• [Exercise brief]
In the copy you make of the entries, no picture should appear, and every word must match.

• [Data in this exercise]
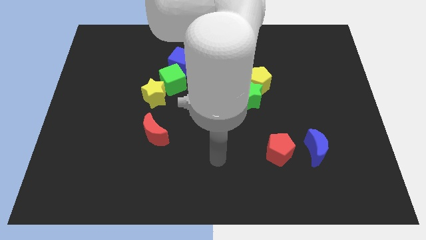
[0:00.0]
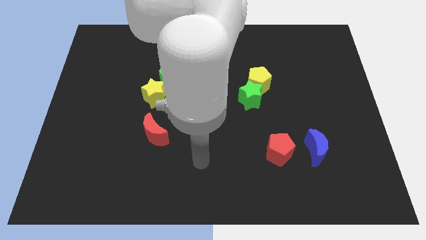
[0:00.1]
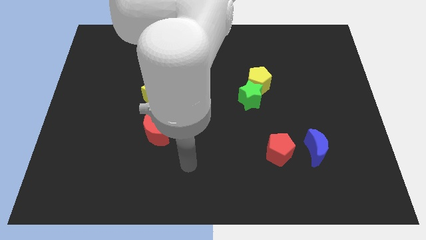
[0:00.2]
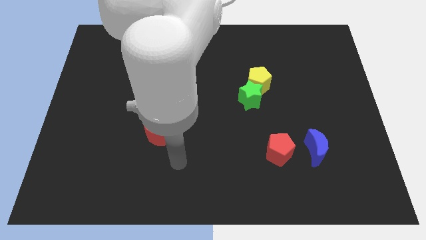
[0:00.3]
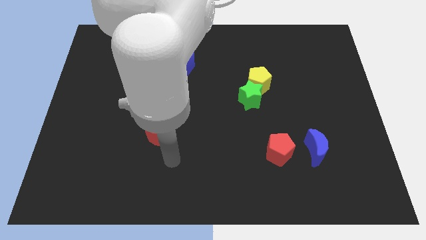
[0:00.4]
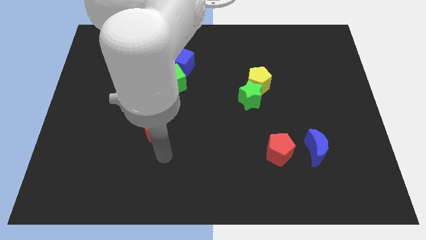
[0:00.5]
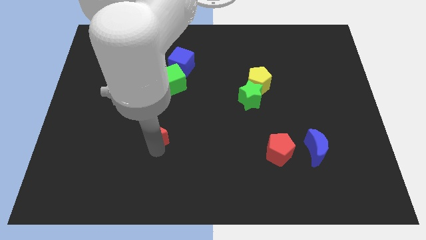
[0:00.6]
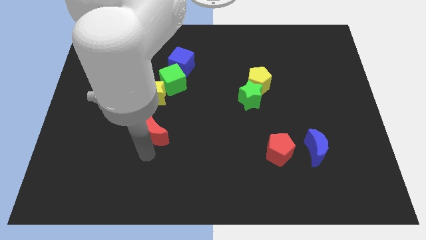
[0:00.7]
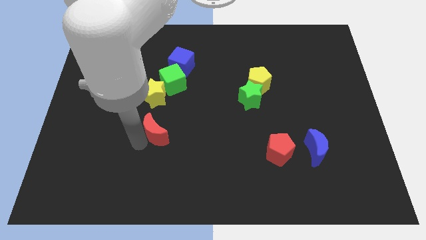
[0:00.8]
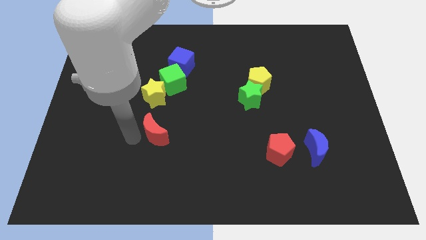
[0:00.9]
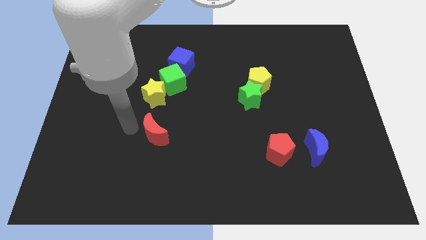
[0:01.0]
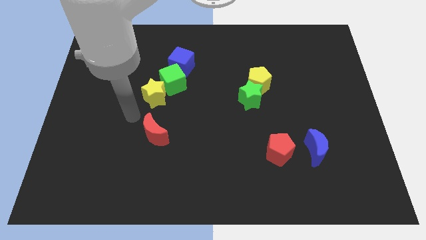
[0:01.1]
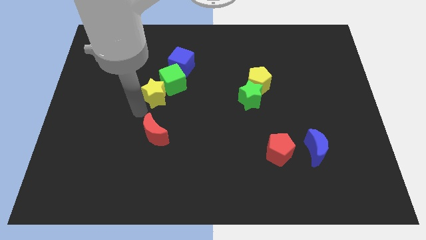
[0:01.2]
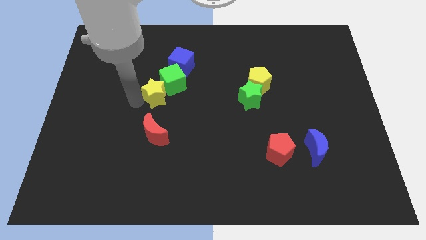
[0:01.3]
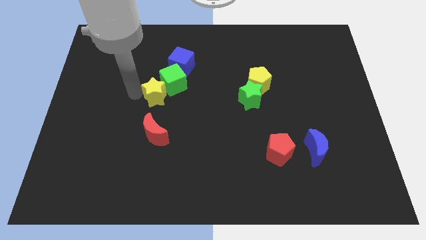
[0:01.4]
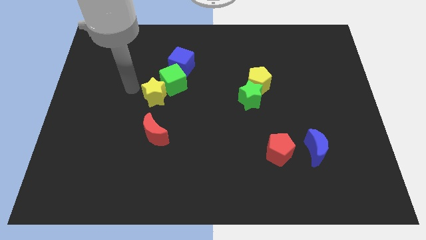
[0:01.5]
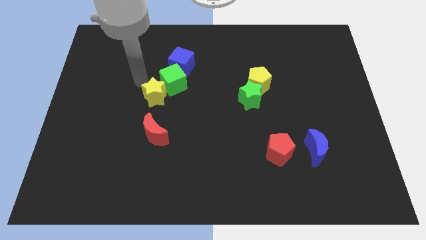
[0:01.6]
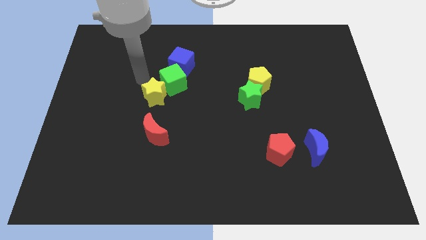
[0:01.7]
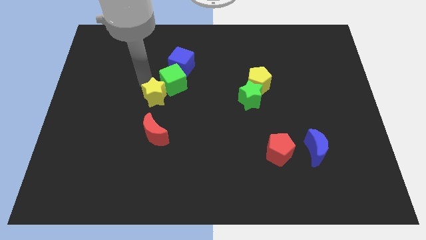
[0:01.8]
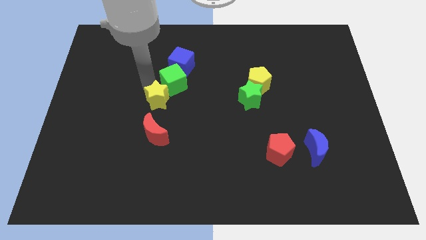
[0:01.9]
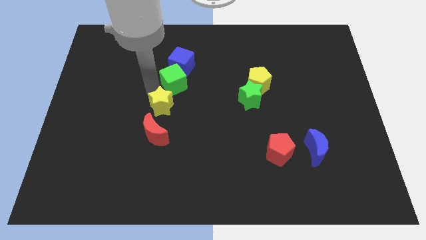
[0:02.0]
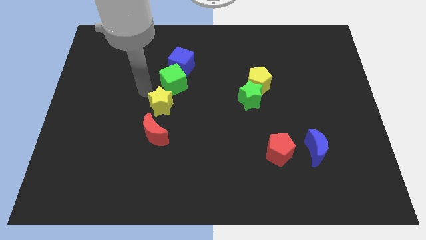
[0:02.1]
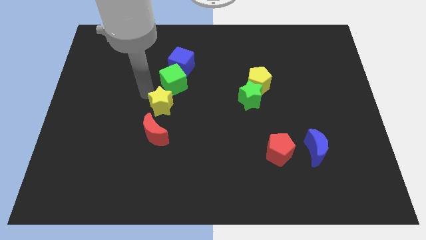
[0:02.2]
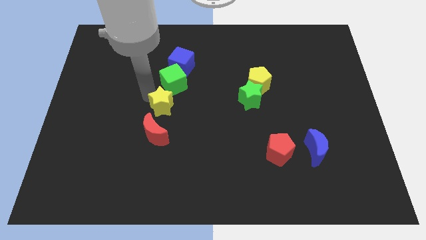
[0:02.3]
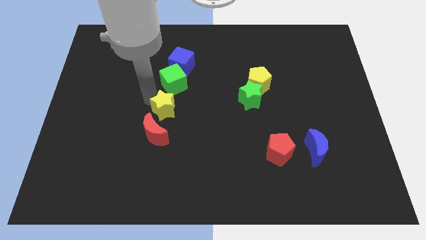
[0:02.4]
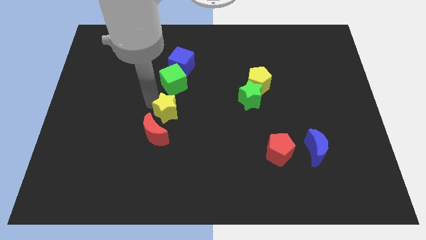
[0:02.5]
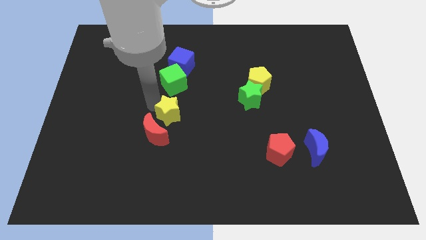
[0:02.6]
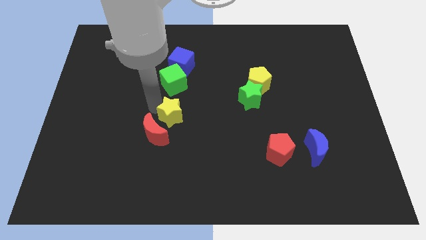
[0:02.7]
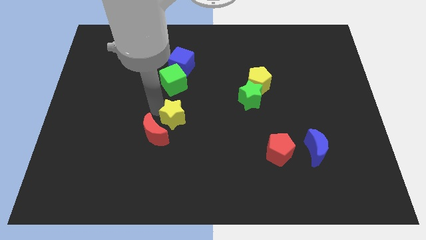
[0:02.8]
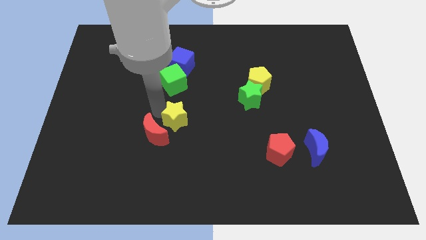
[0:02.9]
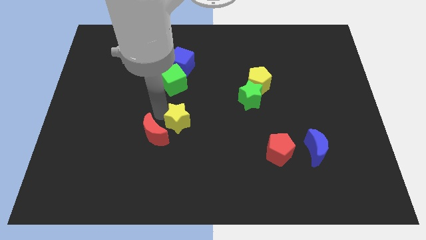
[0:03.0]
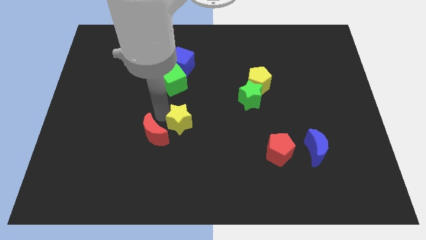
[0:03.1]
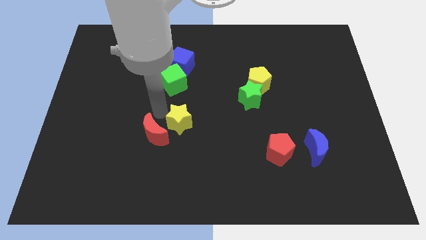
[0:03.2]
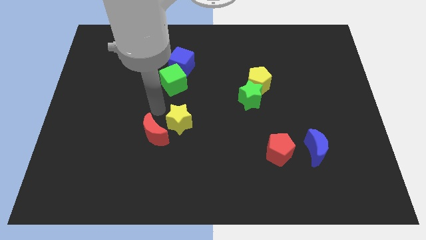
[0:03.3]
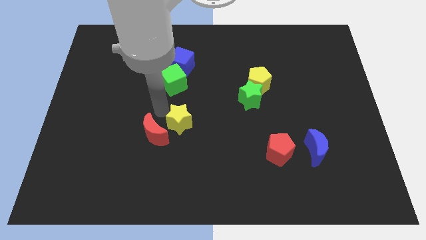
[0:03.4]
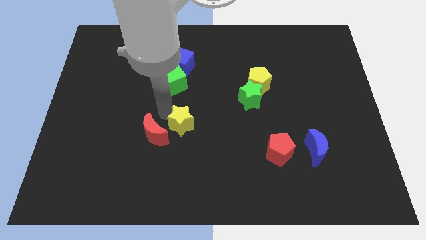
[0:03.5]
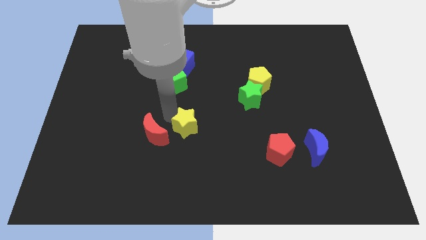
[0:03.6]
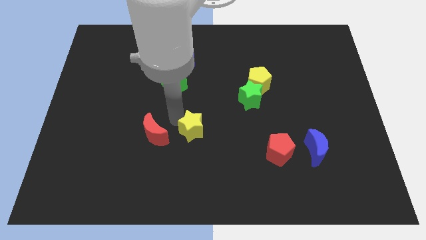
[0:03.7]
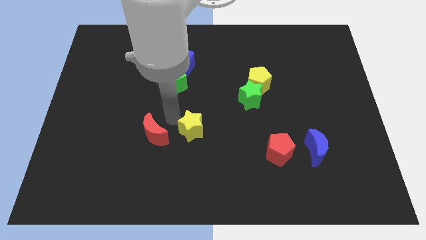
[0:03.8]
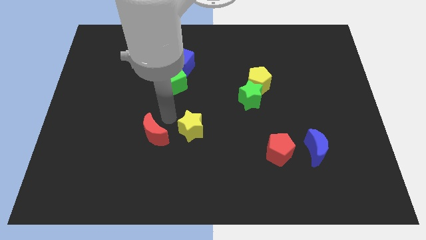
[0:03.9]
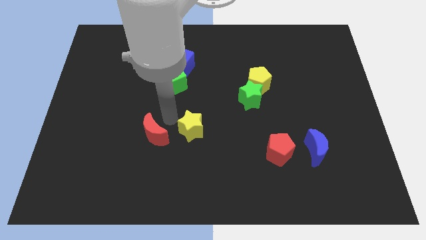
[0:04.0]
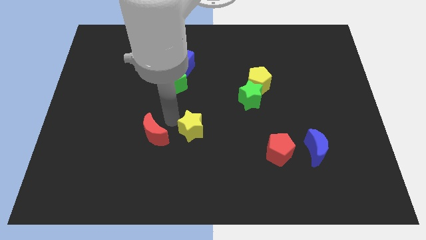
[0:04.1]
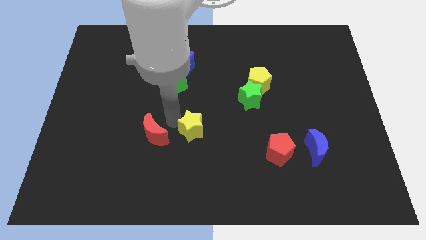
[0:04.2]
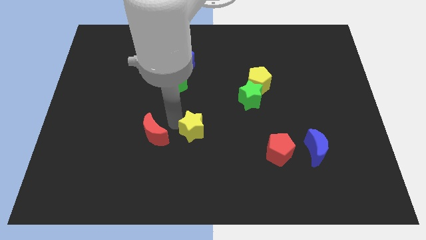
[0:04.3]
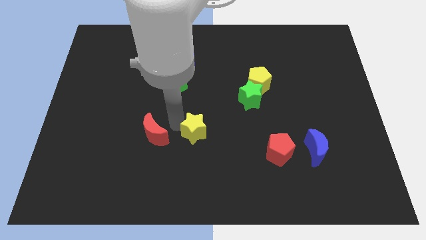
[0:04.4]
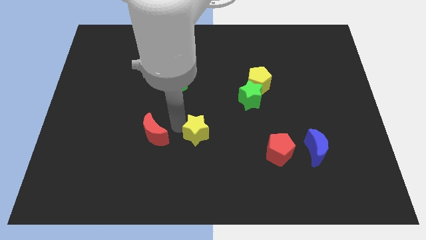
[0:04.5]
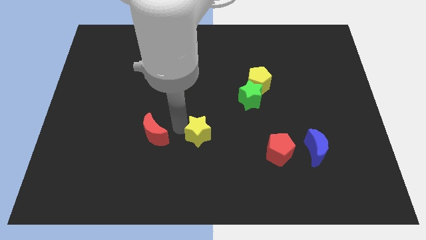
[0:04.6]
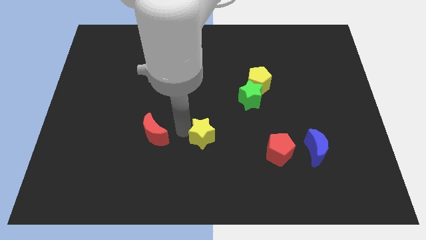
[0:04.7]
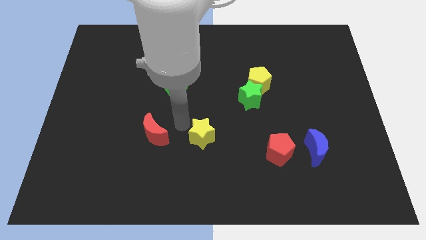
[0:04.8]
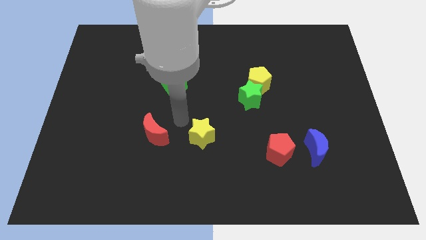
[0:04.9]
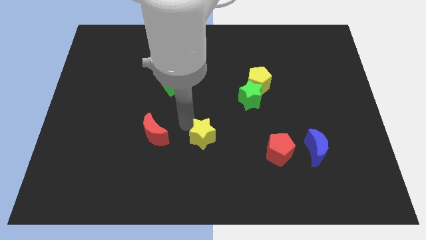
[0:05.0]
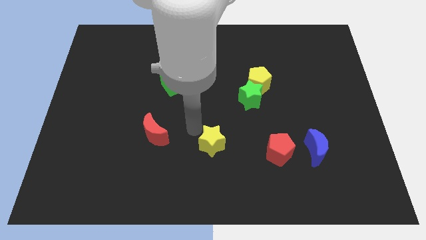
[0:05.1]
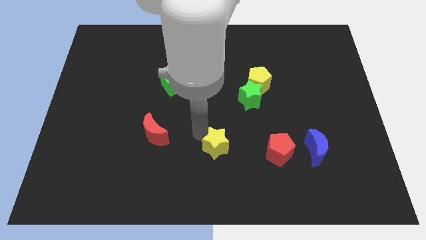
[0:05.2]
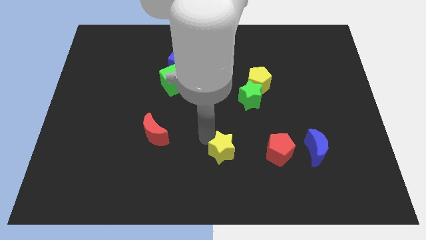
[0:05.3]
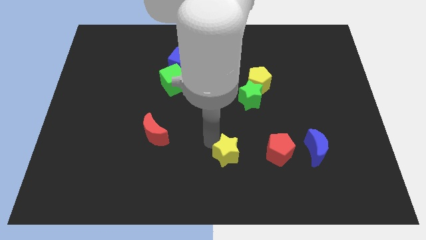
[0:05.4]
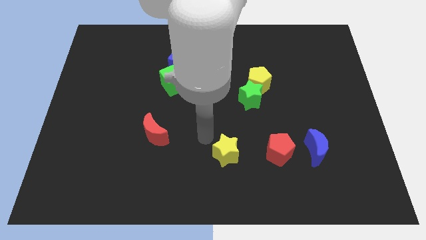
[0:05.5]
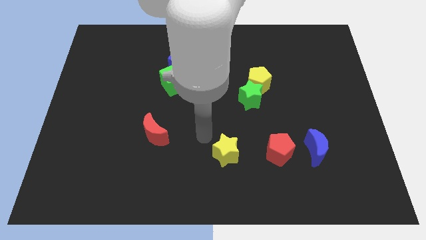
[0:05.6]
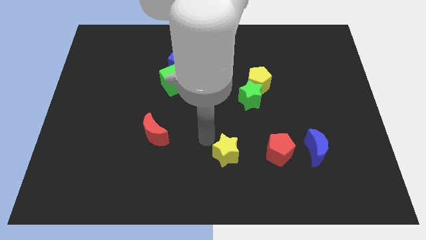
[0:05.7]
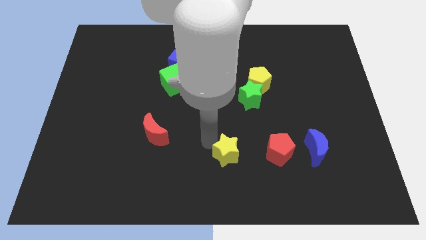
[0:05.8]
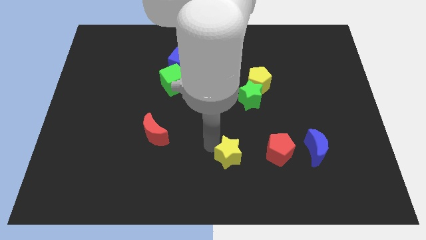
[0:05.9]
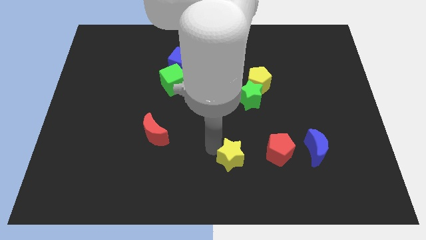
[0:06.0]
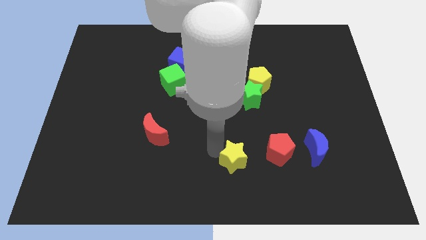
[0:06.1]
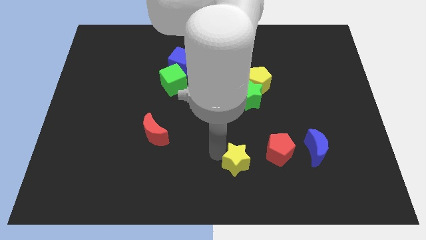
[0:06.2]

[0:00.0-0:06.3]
put the yellow star to the bottom left of the red pentagon

• [Output]
[0:00.0]
[0:00.1]
[0:00.2]
[0:00.3]
[0:00.4]
[0:00.5]
[0:00.6]
[0:00.7]
[0:00.8]
[0:00.9]
[0:01.0]
[0:01.1]
[0:01.2]
[0:01.3]
[0:01.4]
[0:01.5]
[0:01.6]
[0:01.7]
[0:01.8]
[0:01.9]
[0:02.0]
[0:02.1]
[0:02.2]
[0:02.3]
[0:02.4]
[0:02.5]
[0:02.6]
[0:02.7]
[0:02.8]
[0:02.9]
[0:03.0]
[0:03.1]
[0:03.2]
[0:03.3]
[0:03.4]
[0:03.5]
[0:03.6]
[0:03.7]
[0:03.8]
[0:03.9]
[0:04.0]
[0:04.1]
[0:04.2]
[0:04.3]
[0:04.4]
[0:04.5]
[0:04.6]
[0:04.7]
[0:04.8]
[0:04.9]
[0:05.0]
[0:05.1]
[0:05.2]
[0:05.3]
[0:05.4]
[0:05.5]
[0:05.6]
[0:05.7]
[0:05.8]
[0:05.9]
[0:06.0]
[0:06.1]
[0:06.2]

[0:00.0-0:06.3]
put the yellow star to the bottom left of the red pentagon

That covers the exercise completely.